الأحد، 28 يونيو 2015

Race and Gender in Music

What is the boundary of a tradition or genre? Music grants creative license, and market forces are increasingly determining the success of musicians rather than politics expressed in the music. This creates problems such as cultural appropriation, and the clear solution is not yet to be found. Jazz started as a music genre that expressed black suffering and the African American experience. Nowadays it is often associated with upper-class taste and elevator music. Yet one also finds it hard to call for a purge in all elements that are inauthentic.
The politics of culture remains an important issue for the Indian diaspora in the Caribbeans, as Tejaswani Niranjana shows in her book Mobilizing India: Women, Music, and Migration between India and Trinidad. The diaspora faces the anxiety of trying to prove they are also adherents of “Indian culture,” which dangers on feeding into Orientalist interpretations of hierarchies of authenticity. Some migrants from India have treated caste as a personal ascription and adopted the styles of conduct to appear as a twice-born. Due to the disproportionate ratio of male to female migrants, caste endogamy to the extent of “back home” was almost impossible. This trend has led to people like controversial writer V.S. Naipaul to think of the diaspora in the Caribbean as “mimic men” and have not “produced anything.” Some of them have thus tried to show their continuance of (Hindu) tradition at home and racial similarity and create exclusionist cultural projects. The left in Trinidad thus faces problems of race, where colonialists and racial purists on both sides tried to maintain an antagonist position toward each other’s interests, despite working class similarities.

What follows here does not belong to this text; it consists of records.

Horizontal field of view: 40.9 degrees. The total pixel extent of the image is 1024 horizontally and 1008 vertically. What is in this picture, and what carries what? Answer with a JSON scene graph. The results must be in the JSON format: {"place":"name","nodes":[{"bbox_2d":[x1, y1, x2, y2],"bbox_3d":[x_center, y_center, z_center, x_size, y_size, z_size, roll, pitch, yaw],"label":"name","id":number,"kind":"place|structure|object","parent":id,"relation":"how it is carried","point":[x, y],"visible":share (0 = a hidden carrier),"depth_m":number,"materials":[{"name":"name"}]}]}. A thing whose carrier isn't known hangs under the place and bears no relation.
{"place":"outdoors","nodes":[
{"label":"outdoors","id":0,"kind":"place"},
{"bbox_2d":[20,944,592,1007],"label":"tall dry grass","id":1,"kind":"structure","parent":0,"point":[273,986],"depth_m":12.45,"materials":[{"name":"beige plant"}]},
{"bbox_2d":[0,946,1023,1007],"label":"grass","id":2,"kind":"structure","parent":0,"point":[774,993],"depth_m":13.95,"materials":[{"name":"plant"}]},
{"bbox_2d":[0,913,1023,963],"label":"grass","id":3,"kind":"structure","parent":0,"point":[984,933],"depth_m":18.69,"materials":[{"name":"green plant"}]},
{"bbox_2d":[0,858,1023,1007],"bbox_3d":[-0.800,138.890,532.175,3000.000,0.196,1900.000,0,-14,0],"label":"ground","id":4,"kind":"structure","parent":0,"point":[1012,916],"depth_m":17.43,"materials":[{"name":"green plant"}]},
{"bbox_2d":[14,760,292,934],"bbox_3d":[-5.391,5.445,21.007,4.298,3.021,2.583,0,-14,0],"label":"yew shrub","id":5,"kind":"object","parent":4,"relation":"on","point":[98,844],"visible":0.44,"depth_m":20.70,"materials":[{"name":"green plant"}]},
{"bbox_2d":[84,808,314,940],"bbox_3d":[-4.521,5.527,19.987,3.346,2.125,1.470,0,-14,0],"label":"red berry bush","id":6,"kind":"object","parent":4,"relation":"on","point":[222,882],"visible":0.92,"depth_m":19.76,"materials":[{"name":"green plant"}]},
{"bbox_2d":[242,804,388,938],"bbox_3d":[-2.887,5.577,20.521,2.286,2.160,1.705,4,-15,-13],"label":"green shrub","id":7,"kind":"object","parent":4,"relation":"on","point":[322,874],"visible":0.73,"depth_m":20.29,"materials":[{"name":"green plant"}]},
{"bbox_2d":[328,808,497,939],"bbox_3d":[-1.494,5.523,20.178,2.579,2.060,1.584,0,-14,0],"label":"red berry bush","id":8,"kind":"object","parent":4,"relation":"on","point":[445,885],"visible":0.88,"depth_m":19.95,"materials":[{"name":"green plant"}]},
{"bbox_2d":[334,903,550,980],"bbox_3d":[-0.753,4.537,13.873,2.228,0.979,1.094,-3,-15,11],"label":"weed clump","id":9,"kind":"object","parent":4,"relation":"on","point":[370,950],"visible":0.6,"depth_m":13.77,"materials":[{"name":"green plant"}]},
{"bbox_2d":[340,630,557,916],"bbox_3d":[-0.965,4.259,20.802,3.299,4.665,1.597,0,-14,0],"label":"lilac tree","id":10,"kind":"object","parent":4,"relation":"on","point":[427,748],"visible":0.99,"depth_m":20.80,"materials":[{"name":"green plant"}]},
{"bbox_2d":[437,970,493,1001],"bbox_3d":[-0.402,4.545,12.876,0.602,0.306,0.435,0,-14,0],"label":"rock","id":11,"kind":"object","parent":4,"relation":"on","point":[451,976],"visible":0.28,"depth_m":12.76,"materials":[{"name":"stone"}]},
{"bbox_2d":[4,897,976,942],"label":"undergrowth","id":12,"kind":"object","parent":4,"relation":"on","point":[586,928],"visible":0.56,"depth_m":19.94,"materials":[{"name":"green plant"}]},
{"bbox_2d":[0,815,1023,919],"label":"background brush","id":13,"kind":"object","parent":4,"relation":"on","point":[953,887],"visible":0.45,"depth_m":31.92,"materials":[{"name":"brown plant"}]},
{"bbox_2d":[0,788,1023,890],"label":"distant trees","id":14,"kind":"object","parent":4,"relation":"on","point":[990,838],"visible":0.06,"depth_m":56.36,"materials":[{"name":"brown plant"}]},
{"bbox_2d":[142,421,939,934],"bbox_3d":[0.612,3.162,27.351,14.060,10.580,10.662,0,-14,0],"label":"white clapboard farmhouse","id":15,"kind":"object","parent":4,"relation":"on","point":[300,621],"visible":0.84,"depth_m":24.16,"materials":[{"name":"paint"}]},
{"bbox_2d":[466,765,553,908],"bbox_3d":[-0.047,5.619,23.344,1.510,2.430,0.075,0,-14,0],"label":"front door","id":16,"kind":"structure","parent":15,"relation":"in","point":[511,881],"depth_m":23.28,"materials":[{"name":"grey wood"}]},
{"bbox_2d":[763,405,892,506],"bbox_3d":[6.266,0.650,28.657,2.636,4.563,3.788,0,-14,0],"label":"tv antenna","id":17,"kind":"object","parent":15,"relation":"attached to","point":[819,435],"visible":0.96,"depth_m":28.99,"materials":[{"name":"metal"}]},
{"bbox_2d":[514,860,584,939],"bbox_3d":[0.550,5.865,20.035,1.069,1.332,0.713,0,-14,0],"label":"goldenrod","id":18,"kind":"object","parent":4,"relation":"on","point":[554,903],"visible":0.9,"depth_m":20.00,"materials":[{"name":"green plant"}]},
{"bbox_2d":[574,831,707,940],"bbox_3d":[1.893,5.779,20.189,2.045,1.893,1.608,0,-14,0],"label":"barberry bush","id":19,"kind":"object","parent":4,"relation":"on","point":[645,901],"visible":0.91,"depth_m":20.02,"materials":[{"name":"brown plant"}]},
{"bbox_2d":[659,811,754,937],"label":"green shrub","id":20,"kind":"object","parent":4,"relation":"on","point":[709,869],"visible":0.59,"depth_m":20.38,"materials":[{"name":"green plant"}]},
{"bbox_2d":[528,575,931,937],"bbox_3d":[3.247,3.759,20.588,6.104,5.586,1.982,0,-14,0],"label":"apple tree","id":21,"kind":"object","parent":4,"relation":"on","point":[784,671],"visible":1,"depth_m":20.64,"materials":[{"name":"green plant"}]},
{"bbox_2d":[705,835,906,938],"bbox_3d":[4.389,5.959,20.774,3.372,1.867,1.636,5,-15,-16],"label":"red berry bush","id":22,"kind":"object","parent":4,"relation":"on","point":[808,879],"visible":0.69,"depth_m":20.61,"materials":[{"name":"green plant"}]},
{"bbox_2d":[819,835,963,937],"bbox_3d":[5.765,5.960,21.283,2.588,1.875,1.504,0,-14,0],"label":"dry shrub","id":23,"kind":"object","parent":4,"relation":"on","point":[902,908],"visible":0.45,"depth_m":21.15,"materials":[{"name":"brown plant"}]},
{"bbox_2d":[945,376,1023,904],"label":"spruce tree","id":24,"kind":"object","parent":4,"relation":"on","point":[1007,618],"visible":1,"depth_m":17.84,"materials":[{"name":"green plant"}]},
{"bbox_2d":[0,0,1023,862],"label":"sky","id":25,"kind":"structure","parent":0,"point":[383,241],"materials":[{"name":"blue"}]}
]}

Derek Walcott responded in a momentous Nobel Prize speech that the Caribbean has always been looked in a way that it is "illegitimate, rootless, mongrelized." It stems from an expansionist idea that the Caribbeans across the ocean “is new, this is the frontier, the boundary of endeavor, and henceforth everything can only be mimicry.”[Women, Music, and Migration between India and Trinidad. 37.] Yet there is undue appreciation to the innovative uses of the mix in chutney-soca, with Trinidadian English as well as Bhojpuri Hindi being featured in explicit songs. In ways chutney-soca songs are more authentic, organic, and egalitarian than some other "traditional" Indian songs. As Walcott eloquently asked, why are these practices "not 'celebrations of a real presence'? Why should India be 'lost' when none of these villagers ever really knew it, and why not 'continuing'?"

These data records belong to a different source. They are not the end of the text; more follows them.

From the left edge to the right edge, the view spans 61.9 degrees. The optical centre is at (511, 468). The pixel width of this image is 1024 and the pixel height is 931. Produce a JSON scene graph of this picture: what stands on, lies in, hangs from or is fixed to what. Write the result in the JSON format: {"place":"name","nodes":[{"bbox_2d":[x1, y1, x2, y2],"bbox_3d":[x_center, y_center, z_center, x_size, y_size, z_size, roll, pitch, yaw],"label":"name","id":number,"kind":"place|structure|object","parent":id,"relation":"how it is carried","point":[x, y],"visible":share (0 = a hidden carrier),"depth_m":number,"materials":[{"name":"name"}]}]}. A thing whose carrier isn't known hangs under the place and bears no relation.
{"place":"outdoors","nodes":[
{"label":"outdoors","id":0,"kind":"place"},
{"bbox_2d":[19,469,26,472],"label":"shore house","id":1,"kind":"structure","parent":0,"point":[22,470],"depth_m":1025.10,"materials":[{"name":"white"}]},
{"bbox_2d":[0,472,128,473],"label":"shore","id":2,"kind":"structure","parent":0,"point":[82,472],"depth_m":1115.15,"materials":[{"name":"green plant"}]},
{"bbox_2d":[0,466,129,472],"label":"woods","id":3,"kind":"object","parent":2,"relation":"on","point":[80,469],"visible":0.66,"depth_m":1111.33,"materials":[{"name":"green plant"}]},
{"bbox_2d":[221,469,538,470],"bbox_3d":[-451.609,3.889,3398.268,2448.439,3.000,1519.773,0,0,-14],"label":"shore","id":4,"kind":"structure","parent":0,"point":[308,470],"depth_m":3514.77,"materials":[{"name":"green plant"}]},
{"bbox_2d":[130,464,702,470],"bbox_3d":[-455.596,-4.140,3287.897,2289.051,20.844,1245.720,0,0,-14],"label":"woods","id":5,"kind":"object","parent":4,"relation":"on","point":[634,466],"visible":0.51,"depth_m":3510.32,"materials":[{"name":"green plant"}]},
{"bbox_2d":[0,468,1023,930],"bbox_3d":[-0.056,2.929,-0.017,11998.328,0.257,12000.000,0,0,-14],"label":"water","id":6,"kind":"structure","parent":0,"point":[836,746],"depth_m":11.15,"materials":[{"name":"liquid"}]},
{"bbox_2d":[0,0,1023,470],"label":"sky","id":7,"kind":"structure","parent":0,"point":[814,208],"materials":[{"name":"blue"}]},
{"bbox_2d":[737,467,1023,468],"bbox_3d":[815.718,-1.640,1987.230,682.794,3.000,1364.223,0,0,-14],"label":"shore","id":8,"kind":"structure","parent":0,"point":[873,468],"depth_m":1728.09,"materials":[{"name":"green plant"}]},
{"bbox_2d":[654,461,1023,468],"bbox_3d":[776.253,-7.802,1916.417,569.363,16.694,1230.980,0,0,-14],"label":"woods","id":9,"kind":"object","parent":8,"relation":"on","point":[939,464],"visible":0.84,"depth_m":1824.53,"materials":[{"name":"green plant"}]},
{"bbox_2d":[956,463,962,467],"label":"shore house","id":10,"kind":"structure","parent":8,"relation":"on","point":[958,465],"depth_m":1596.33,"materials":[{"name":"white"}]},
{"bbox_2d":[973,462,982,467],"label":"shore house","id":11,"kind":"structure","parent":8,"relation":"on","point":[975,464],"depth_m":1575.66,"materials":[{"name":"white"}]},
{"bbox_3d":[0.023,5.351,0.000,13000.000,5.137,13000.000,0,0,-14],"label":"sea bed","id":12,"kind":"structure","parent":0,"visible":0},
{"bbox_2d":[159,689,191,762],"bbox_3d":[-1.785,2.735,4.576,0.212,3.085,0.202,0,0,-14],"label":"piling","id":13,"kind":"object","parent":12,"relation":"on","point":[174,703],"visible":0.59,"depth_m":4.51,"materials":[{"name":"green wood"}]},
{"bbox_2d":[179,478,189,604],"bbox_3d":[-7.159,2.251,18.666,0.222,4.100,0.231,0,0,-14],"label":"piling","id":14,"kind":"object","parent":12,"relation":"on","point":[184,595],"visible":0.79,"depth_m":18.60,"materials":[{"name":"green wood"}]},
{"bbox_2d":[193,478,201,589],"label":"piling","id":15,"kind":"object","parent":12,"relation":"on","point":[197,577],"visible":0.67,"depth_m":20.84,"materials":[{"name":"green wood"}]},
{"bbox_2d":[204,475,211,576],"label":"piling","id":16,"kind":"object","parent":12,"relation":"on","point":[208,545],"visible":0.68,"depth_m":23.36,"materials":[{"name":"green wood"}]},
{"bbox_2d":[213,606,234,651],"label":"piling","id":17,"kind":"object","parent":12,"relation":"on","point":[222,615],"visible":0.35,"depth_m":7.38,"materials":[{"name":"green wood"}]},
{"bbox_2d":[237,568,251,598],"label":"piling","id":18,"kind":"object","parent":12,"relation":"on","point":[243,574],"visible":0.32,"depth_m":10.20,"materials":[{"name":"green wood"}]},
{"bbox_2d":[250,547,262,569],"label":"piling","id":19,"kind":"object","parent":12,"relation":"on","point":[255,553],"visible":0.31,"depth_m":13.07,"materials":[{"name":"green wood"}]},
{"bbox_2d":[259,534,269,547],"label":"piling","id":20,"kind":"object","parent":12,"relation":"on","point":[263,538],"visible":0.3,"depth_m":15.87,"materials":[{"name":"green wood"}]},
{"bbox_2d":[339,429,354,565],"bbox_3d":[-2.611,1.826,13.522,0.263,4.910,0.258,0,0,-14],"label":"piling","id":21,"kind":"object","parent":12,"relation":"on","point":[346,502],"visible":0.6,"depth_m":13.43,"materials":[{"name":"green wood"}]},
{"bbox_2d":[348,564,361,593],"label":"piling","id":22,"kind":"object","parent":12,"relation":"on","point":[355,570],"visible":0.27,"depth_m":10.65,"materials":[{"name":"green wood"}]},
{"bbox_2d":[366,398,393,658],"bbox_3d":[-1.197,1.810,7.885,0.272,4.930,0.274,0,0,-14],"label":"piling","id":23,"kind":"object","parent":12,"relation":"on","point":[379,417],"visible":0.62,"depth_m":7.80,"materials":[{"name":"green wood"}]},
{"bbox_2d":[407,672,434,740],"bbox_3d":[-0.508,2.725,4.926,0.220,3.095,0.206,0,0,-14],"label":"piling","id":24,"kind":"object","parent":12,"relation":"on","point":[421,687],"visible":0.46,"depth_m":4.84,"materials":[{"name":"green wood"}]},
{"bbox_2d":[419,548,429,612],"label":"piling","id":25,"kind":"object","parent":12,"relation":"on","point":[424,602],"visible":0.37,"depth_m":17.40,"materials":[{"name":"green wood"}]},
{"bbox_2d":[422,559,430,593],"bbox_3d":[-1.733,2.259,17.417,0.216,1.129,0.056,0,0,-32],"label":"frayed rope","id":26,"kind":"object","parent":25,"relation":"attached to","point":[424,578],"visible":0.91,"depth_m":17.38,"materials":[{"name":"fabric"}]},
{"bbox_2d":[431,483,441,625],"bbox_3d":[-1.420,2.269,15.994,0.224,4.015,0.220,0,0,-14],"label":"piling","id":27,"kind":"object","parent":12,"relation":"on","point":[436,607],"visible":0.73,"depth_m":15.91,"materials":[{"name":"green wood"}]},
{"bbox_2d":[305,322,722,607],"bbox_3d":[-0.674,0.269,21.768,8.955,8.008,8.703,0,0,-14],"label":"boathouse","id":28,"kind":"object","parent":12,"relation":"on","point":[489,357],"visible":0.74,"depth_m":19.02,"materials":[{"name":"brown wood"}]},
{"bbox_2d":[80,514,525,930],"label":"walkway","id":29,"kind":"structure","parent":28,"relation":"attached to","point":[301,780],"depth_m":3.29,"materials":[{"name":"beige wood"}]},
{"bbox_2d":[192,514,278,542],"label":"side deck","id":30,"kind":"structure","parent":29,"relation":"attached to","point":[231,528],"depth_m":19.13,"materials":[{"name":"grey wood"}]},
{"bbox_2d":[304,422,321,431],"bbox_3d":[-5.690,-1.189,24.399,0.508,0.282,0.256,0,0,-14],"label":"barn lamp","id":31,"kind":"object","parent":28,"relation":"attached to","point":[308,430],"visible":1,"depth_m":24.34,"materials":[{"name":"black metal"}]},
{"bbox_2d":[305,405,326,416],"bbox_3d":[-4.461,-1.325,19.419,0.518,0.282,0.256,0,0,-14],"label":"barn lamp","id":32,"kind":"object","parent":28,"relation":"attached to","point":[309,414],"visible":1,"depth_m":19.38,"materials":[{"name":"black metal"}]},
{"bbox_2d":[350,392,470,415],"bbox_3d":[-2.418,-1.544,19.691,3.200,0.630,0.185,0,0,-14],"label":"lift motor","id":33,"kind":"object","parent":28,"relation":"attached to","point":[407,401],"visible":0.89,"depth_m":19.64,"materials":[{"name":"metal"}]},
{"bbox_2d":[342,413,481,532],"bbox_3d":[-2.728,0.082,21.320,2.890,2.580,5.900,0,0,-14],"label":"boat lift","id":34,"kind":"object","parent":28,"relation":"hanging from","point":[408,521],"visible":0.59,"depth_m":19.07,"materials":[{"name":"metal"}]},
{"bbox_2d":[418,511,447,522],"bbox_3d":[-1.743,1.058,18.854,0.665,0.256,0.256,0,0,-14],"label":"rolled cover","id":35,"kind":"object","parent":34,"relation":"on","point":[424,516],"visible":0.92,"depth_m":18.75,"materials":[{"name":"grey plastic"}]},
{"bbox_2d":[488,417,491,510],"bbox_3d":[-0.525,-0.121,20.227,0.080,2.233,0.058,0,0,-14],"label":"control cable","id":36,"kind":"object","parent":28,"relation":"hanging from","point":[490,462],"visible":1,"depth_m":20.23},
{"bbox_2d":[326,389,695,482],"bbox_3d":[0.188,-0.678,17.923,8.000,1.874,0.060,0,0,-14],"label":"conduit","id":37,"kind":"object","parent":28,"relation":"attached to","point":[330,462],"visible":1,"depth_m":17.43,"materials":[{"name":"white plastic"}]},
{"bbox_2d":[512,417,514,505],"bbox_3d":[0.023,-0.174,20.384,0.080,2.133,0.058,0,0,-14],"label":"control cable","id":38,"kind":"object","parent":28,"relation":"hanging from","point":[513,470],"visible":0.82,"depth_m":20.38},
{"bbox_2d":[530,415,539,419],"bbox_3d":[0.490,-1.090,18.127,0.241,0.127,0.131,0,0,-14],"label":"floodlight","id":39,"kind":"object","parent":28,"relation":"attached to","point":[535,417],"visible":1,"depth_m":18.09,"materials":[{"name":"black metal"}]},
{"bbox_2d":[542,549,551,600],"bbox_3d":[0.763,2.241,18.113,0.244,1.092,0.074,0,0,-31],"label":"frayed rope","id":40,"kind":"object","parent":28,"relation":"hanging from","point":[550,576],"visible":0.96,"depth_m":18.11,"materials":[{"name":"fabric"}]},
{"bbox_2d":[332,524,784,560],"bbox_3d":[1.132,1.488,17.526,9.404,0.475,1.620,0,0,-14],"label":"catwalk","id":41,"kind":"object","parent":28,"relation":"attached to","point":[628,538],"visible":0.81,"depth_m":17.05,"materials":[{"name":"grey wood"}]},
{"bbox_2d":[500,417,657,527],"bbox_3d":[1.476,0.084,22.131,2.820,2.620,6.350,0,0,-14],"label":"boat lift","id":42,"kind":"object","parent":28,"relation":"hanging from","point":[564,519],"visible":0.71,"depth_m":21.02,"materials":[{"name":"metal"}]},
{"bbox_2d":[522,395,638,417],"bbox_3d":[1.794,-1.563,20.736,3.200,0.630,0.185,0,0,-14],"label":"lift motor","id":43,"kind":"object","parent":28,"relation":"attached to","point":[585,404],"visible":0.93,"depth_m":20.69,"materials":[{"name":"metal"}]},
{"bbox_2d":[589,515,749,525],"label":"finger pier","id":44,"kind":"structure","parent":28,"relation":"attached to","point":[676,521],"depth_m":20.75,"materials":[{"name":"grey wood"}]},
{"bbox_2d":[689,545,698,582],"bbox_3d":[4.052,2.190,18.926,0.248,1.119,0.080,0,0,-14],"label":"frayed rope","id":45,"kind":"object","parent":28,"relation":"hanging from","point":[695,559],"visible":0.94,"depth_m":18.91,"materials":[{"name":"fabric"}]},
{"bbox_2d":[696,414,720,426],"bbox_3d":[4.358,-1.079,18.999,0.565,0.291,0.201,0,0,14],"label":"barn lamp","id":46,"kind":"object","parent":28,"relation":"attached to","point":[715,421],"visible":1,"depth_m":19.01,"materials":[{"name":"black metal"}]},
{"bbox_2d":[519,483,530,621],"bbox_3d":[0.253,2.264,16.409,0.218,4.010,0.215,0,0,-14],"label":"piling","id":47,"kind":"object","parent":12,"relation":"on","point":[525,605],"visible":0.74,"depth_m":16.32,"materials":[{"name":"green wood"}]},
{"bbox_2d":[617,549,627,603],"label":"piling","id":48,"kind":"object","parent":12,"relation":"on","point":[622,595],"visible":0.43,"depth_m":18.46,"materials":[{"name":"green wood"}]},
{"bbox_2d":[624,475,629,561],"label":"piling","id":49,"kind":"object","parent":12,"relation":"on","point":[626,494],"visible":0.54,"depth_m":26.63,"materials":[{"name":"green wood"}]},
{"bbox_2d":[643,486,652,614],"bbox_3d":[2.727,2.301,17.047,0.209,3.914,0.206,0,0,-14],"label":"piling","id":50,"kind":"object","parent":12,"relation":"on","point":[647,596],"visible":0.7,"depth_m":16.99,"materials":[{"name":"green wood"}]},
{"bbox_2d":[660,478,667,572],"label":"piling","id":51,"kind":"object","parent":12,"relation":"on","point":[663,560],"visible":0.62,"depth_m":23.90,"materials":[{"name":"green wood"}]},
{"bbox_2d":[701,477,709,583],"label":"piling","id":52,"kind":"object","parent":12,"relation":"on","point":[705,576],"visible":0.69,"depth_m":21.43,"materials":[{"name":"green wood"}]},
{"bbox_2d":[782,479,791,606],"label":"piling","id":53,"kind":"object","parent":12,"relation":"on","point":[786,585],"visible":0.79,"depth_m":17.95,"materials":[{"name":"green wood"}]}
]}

Soca music events allows for many working class women to participate in festive cultural expression, even while incurring wrath from conservative commentators. There are many suggestive lyrics, such as those sung by the famous Drupatee, which have suffered the ignominy of vulgar or obscene. Others stated that "no Indian woman has any right to sing calypso."[Ibid. 112-3.] Racial purity, like caste purity, relies heavily on the circumscription of actions of a community’s women. Hindu opinions in Trinidad has are parallels with Confucian projects in China, such as the House of Female Virtue (女德馆) in which claims to tradition and cultural authenticity threaten female self-respect, freedom, and mobility. The question of gender is under-explored in the quest for authenticity. Trinidad provides a great ground for research since it carries many intersectional questions. Tejaswani Niranjana’s book is a great analysis for the politics of class, race and culture.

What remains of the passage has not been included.